Prompt.
Reproduce the entries word for word, and omit any picture you find in them.

Task inputs.
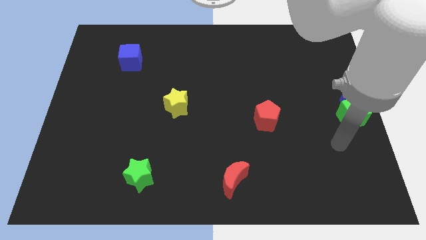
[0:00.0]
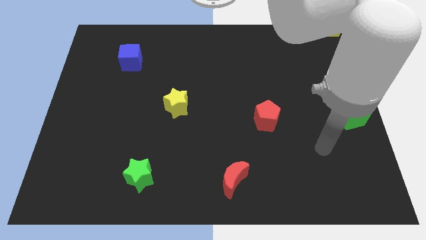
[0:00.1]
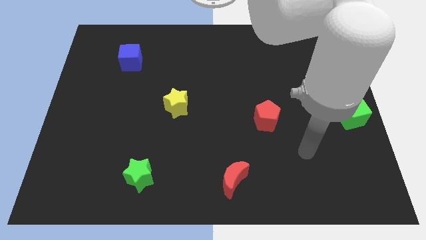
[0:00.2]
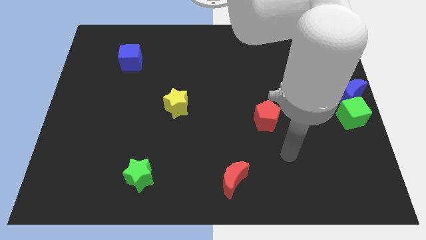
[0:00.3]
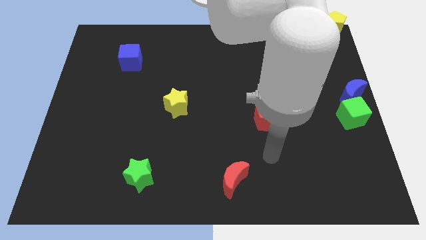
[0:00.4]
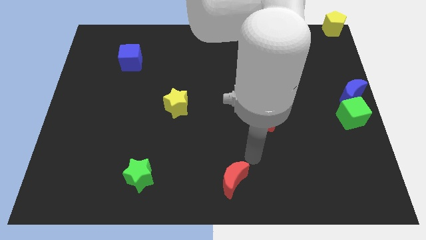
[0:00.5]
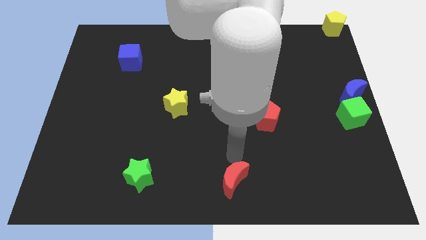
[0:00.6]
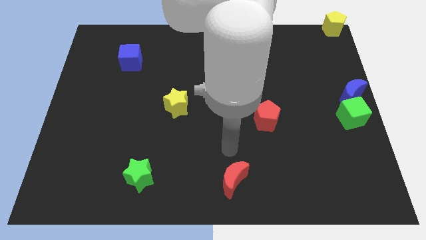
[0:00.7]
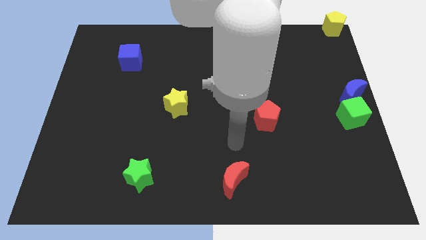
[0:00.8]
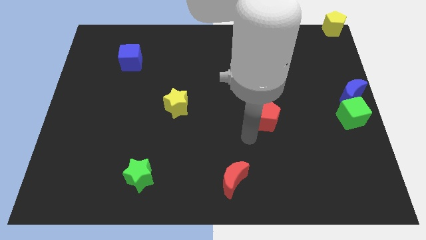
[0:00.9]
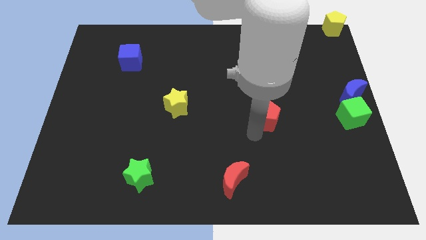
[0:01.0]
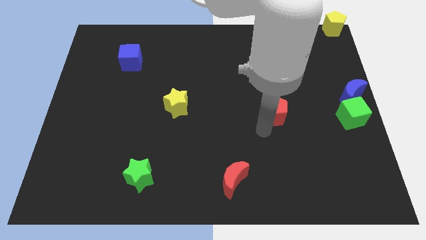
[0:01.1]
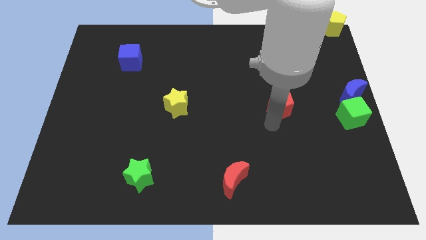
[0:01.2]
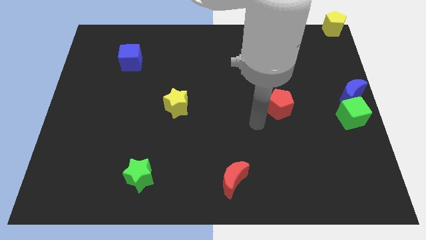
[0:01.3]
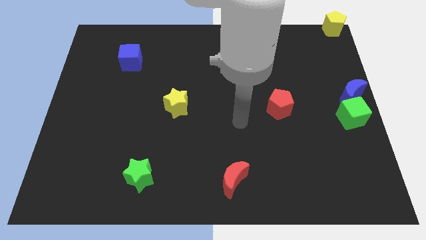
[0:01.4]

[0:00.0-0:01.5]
place your hand above the red crescent

Your solution.
[0:00.0]
[0:00.1]
[0:00.2]
[0:00.3]
[0:00.4]
[0:00.5]
[0:00.6]
[0:00.7]
[0:00.8]
[0:00.9]
[0:01.0]
[0:01.1]
[0:01.2]
[0:01.3]
[0:01.4]

[0:00.0-0:01.5]
place your hand above the red crescent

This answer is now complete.